If microflow parallelism is not sufficient, examine your application and increase the respective thread pool. The key is to maximize the concurrency of the end-to-end application flow until the available processor or other resources are maximized.

Navigations mechanisms for long running flows
The business process engine in WPS processes long-running flows using a number of chained transactions. There are two types of process navigation techniques in WPS (since V6.1): JMS based navigation and WorkManager based navigation. Both types of navigation provide the same quality of service. The default is JMS based navigation. In Lab tests, WorkManager based navigation has shown throughput improvements of up to 100%.

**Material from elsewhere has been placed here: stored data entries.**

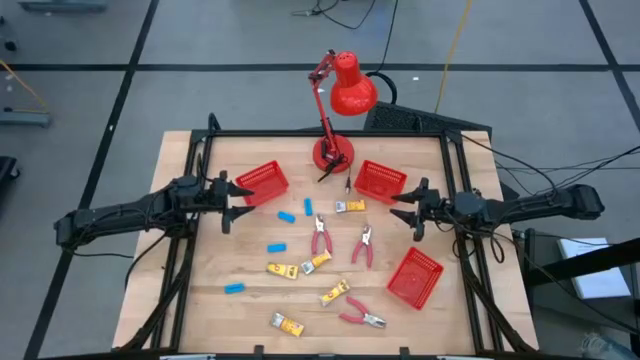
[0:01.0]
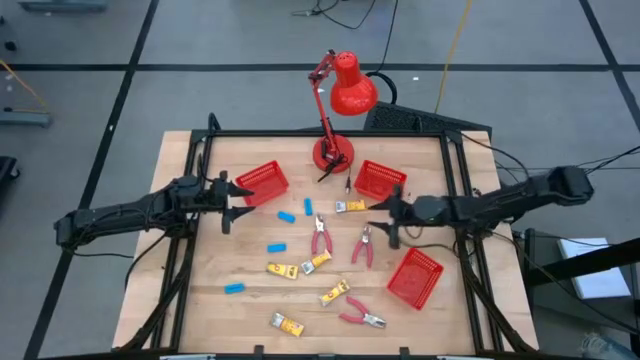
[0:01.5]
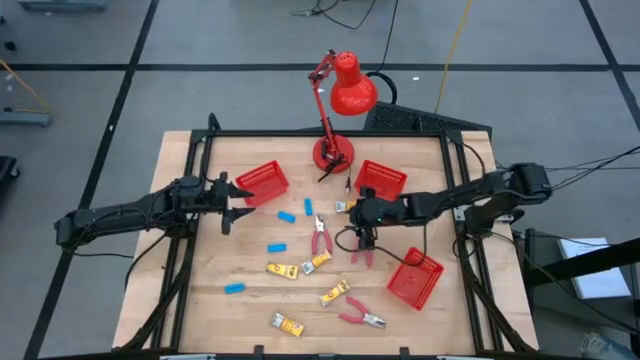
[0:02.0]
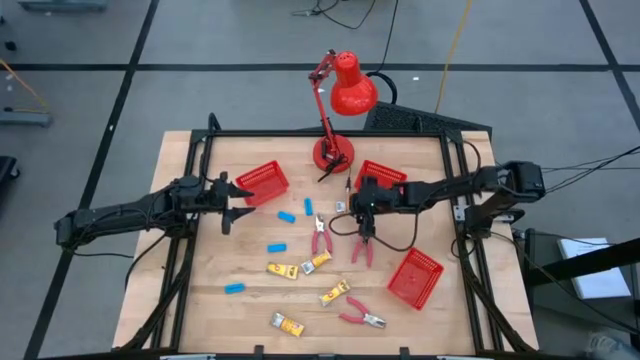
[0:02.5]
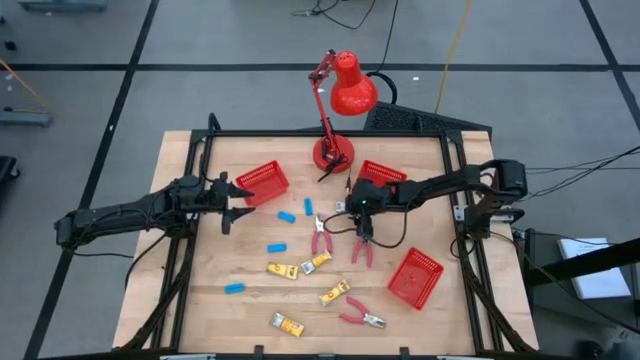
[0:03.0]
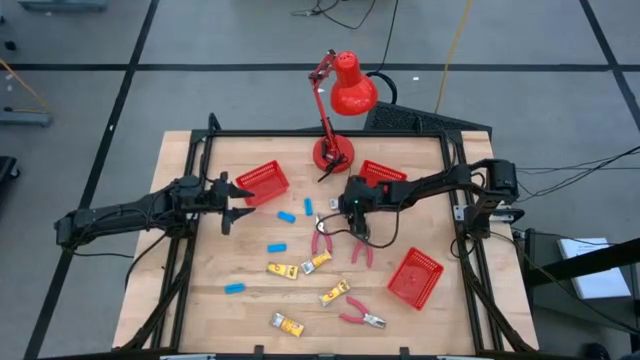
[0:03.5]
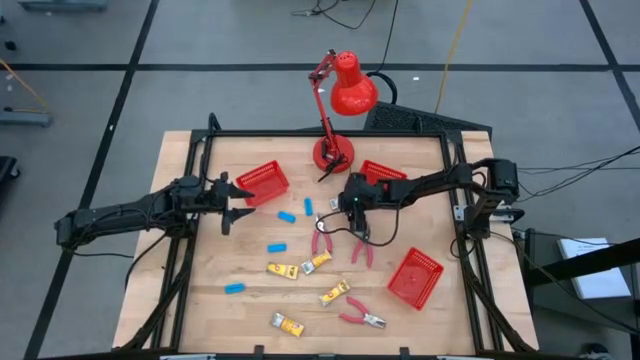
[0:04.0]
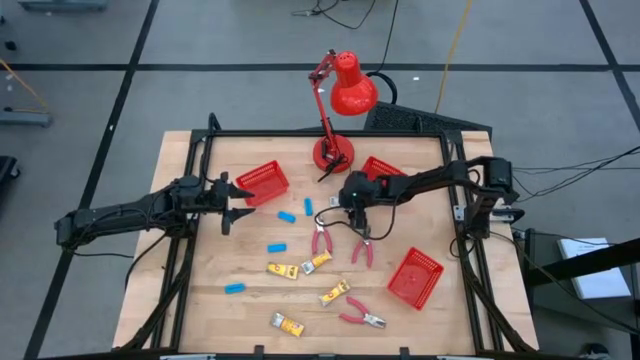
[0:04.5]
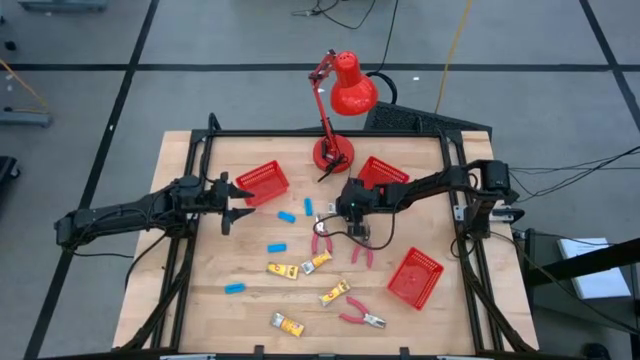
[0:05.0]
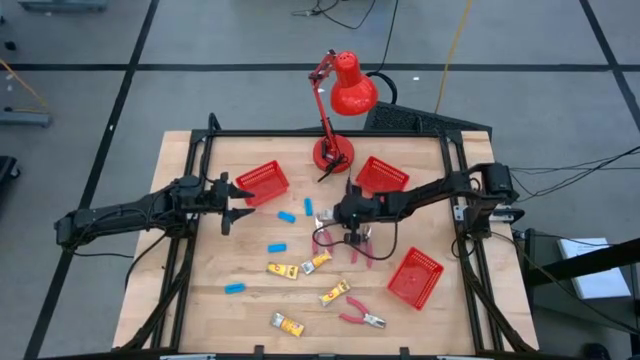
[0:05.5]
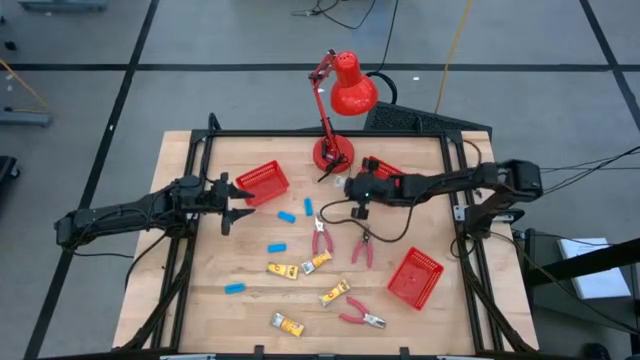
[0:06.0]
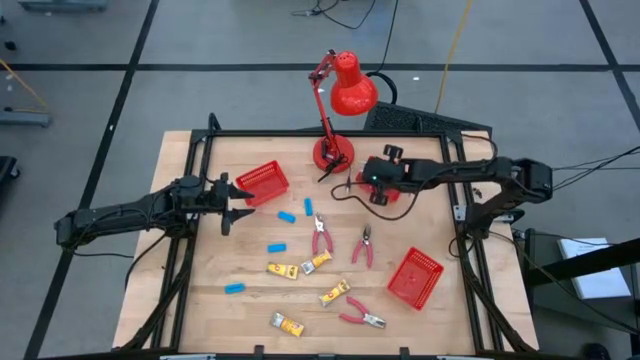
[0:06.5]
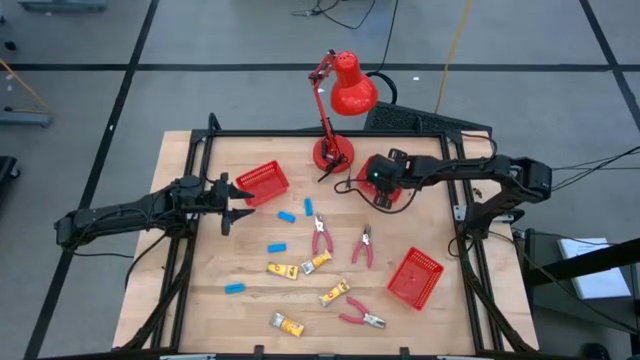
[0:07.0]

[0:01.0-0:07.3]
Task: Pick & Place School Supplies
Put the yellow crayon box into the top right red bin

However the behaviour of the system changes a bit. If JMS based navigation is used, there is no scheme (for example age-based or priority-based) to process older or more highly prioritized business process instances first. This makes it hard to predict the actual duration of single instances, especially on an heavily loaded system. If using WorkManager based navigation, currently processed instances are being further processed as long as there is outstanding work for them. While this is quite efficient, it prefers running process instances.

Resource dependencies
Start adjusting the parameters for the SCA and MDB activation specs and the WorkManager threads (if used) and then continue down the dependency chain as depicted below:

All those engine threads on the left side of the picture require JDBC connections to databases and it is very helpful for the throughput of the system if they don't have to wait for database connections from the related connection pools.

Other process engine tuning knobs
Business process engine environments have means to record what is happening inside, either for monitoring purposes or for doing problem determination. Any such recordings require a certain amount of processing capacity, so one should try to minimize any monitoring recordings and definitively disable traces for problem determination for normal operations.
Some of the data stores on out of the box configurations may default to simple file-based single user databases like Derby. This eases simple setups, since some database administrative tasks can be avoided. When performance and production level transactional integrity is more important, then it is advisable to place these data stores on production level database systems. Throughput characteristics could improve by factors of 2 to 5.
When using WPS' common event infrastructure (CEI) for recording business relevant events it might help to disable the CEI data store within WPS since CEI consumes these events and stores them in it's own database. Also validation of CEI events could be turned off, once it has been verified, that the emitted events are valid.